Affiliate Group: Who are they and who can be in it?

When we listed who can act as affiliates in relation to a legal entity or an individual entrepreneur, a group of persons was mentioned in which a company or entrepreneur may be a member. So, the members of such a group in the case of an individual entrepreneur are his closest relatives, including spouses, children, parents, brothers or sisters. But the members of the group for the company are such categories of persons who:

  • may dispose of more than half of the votes of the shares of the company or more than half of its share;
  • single-handedly manage this company or structure;
  • have the right to give instructions requiring unquestioning implementation;
  • represent the majority of the supervisory and executive staff of the company's management body;
  • have the right to appoint or elect a nominal head of the company;
  • take part in the selection of most of the members of the supervisory and executive staff of the company.

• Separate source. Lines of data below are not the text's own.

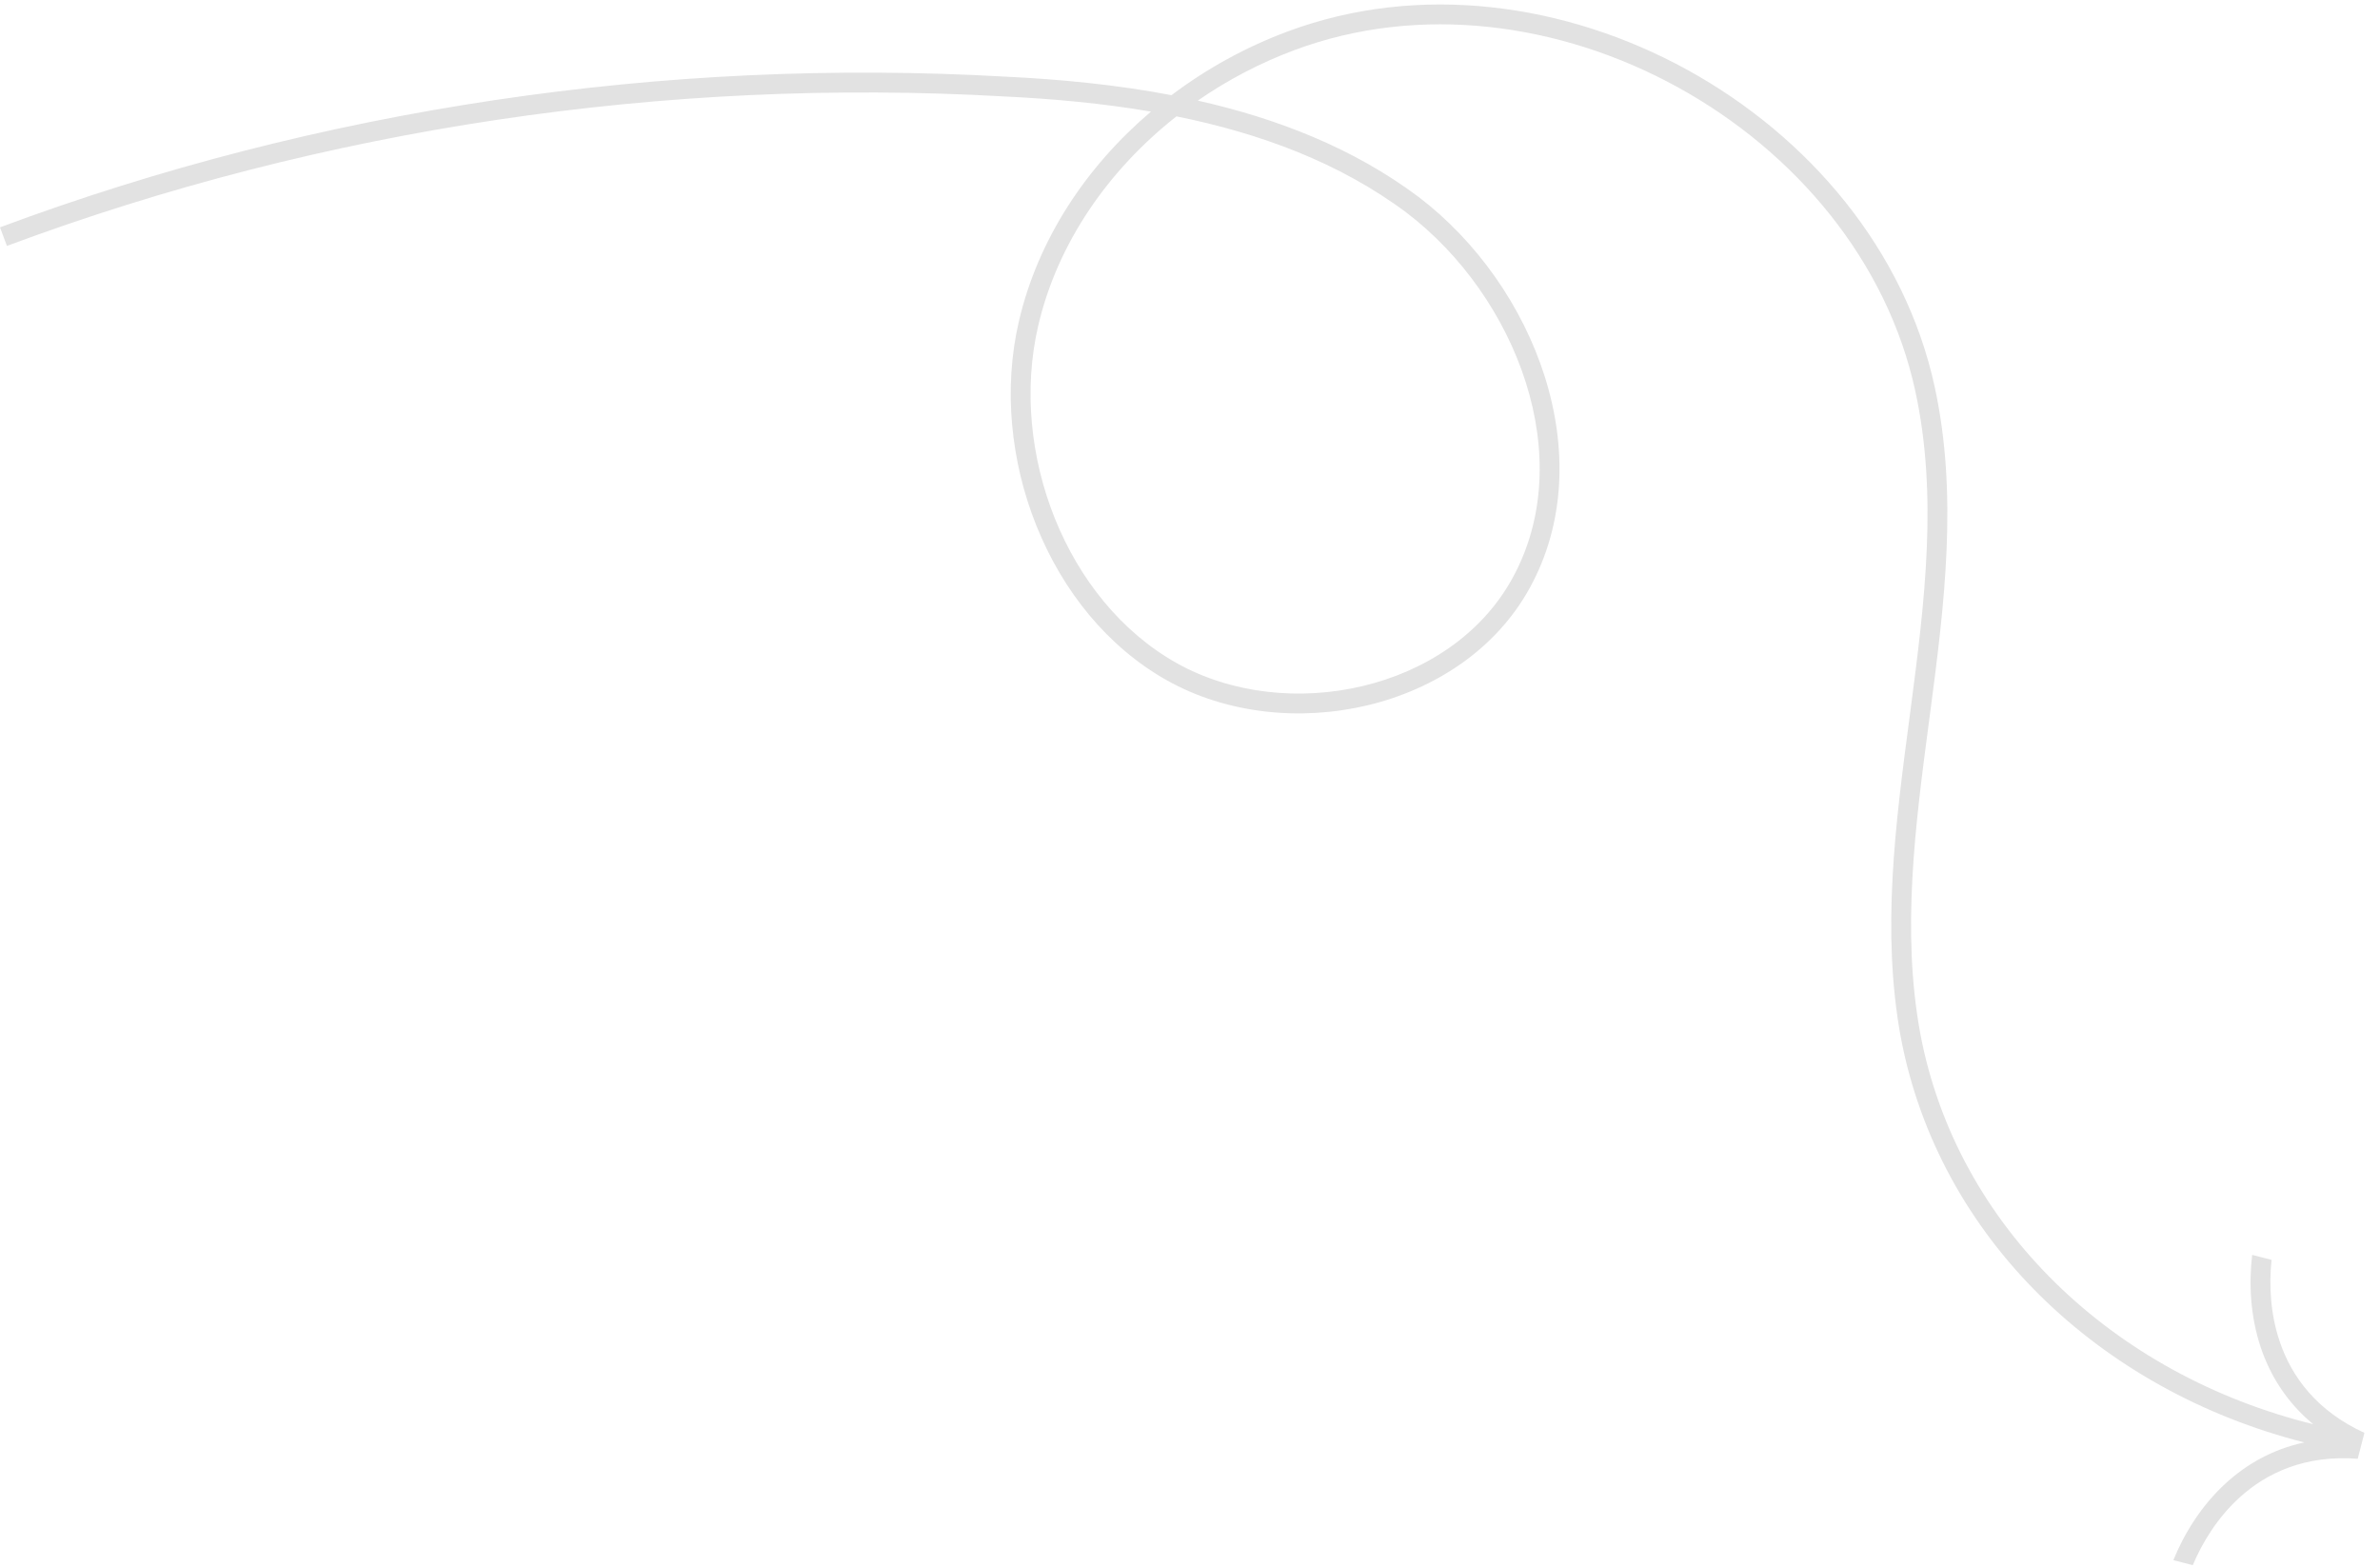 <svg width="120" height="79" viewBox="0 0 120 79" fill="none" xmlns="http://www.w3.org/2000/svg">
<path fill-rule="evenodd" clip-rule="evenodd" d="M65.262 2.528C71.584 0.168 78.696 1.151 84.599 4.401C90.503 7.652 95.148 13.142 96.572 19.729C97.711 24.976 97.049 30.341 96.326 35.815L96.273 36.222C95.57 41.535 94.855 46.95 95.837 52.296L95.838 52.298C97.751 62.421 105.878 70.103 116.183 72.727C114.584 73.071 113.276 73.824 112.233 74.777C110.975 75.925 110.116 77.35 109.581 78.663L110.559 78.916C111.049 77.756 111.815 76.513 112.907 75.515C114.296 74.248 116.233 73.353 118.877 73.55L119.214 72.245C116.805 71.137 115.543 69.417 114.942 67.636C114.468 66.233 114.4 64.775 114.533 63.523L113.555 63.271C113.388 64.679 113.45 66.342 113.994 67.955C114.467 69.356 115.298 70.705 116.632 71.809C106.551 69.317 98.664 61.863 96.821 52.115C95.867 46.927 96.564 41.651 97.272 36.288L97.318 35.946C98.037 30.497 98.731 24.961 97.55 19.517C96.054 12.601 91.194 6.891 85.082 3.525C78.969 0.16 71.553 -0.888 64.912 1.591C62.826 2.368 60.846 3.456 59.066 4.799C56.272 4.264 53.422 3.995 50.644 3.862C33.54 2.89 16.099 5.462 0 11.462L0.349 12.399C16.317 6.448 33.62 3.896 50.59 4.861L50.594 4.861C53.067 4.979 55.574 5.206 58.032 5.627C54.781 8.39 52.338 12.047 51.372 16.202C49.802 22.953 52.823 30.925 58.83 34.299C61.847 35.994 65.563 36.367 68.939 35.564C72.317 34.761 75.403 32.767 77.114 29.672C78.949 26.363 79.006 22.53 77.888 18.99C76.771 15.453 74.47 12.172 71.528 9.931L71.524 9.928C68.225 7.458 64.387 5.969 60.392 5.073C61.898 4.03 63.54 3.169 65.262 2.528ZM52.346 16.428C53.32 12.242 55.896 8.56 59.317 5.867C63.519 6.716 67.53 8.188 70.923 10.727C73.7 12.843 75.879 15.95 76.935 19.292C77.99 22.632 77.913 26.17 76.239 29.187C74.69 31.989 71.869 33.839 68.708 34.591C65.546 35.344 62.092 34.985 59.319 33.428C53.747 30.297 50.864 22.801 52.346 16.428Z" fill="#E2E2E2"/>
</svg>
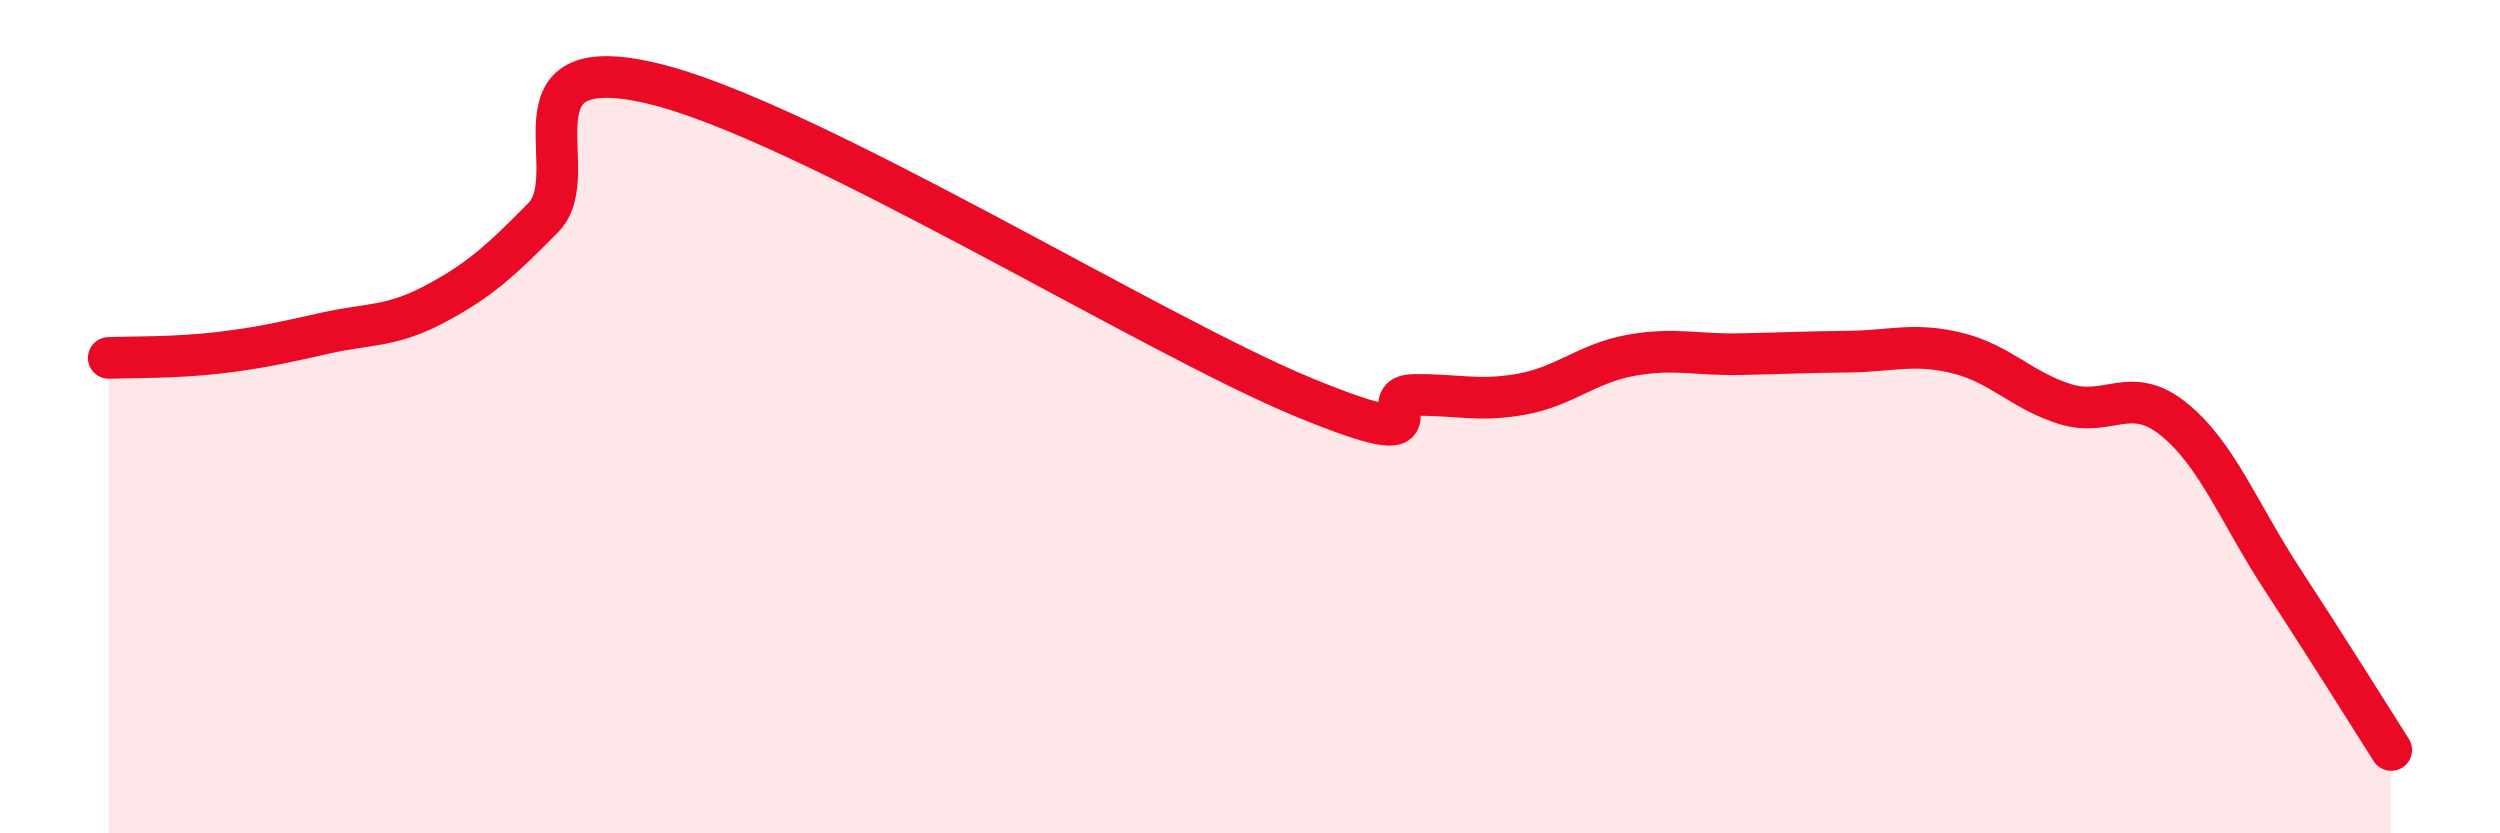 
    <svg width="60" height="20" viewBox="0 0 60 20" xmlns="http://www.w3.org/2000/svg">
      <path
        d="M 2.61,8.59 C 3.13,8.57 4.18,8.59 5.22,8.47 C 6.26,8.35 6.79,8.22 7.83,7.99 C 8.87,7.76 9.39,7.85 10.43,7.3 C 11.47,6.75 12,6.28 13.04,5.22 C 14.08,4.16 12,1.14 15.65,2 C 19.3,2.86 27.65,8.04 31.3,9.54 C 34.95,11.04 32.87,9.5 33.91,9.48 C 34.95,9.46 35.48,9.65 36.52,9.46 C 37.56,9.27 38.09,8.72 39.13,8.53 C 40.17,8.34 40.7,8.52 41.74,8.5 C 42.78,8.48 43.31,8.45 44.35,8.44 C 45.39,8.43 45.92,8.22 46.96,8.47 C 48,8.72 48.53,9.38 49.57,9.7 C 50.61,10.02 51.13,9.22 52.17,10.06 C 53.21,10.9 53.74,12.32 54.78,13.91 C 55.82,15.5 56.87,17.18 57.39,18L57.39 20L2.61 20Z"
        fill="#EB0A25"
        opacity="0.1"
        stroke-linecap="round"
        stroke-linejoin="round"
      />
      <path
        d="M 2.61,8.59 C 3.13,8.57 4.18,8.59 5.22,8.47 C 6.26,8.35 6.79,8.22 7.83,7.99 C 8.87,7.76 9.39,7.85 10.43,7.3 C 11.47,6.75 12,6.28 13.04,5.22 C 14.08,4.16 12,1.14 15.65,2 C 19.3,2.86 27.65,8.04 31.3,9.54 C 34.95,11.04 32.87,9.5 33.91,9.48 C 34.95,9.46 35.48,9.65 36.52,9.46 C 37.56,9.27 38.09,8.72 39.13,8.53 C 40.17,8.34 40.7,8.52 41.74,8.5 C 42.78,8.48 43.31,8.45 44.35,8.44 C 45.39,8.43 45.92,8.22 46.96,8.47 C 48,8.72 48.53,9.38 49.57,9.7 C 50.61,10.02 51.13,9.22 52.17,10.06 C 53.21,10.9 53.74,12.32 54.78,13.91 C 55.82,15.5 56.87,17.18 57.39,18"
        stroke="#EB0A25"
        stroke-width="1"
        fill="none"
        stroke-linecap="round"
        stroke-linejoin="round"
      />
    </svg>

It is quite natural that members of a particular group may intersect and unite. For example, if two members of two different groups have a lot of influence in the third group, but from a legislative point of view, the first two groups should be considered as one.

Is it necessary to provide information about affiliates?

According to the legislation, which is devoted to the problems of monopolization, joint-stock companies required to provide such lists. the authorities. Such a report is required both to government agencies and shareholders, as well as for accounting reports.

Why is this account necessary? The fact is that in cases where some entrepreneurs are able to strongly influence commercial structures, phenomena such as:

  • biased and overpriced pricing;
  • persecution of competing structures using non-market methods;
  • formation of monopolies.

If such a process is uncontrolled, then it leads to the destruction of entire markets, and at different levels. In the Russian Federation, such records are maintained by the Antimonopoly Service.

What is an affiliate site?

There is also the concept of an affiliated Internet resource. In this context, this concept means somewhat different than in the legal one. So, an affiliated site is a site that created for the purpose of promoting main. It can also be called a doorway or a satellite. Developers can create a huge amount of affiliate resources, which will eventually lead the user to the site that is being promoted.

As you can see, when explaining the concept of affiliation, it becomes more understandable and you can understand what your interlocutor means by mentioning some affiliates in a conversation or talking about the presence of affiliated sites around some major resource on the Internet.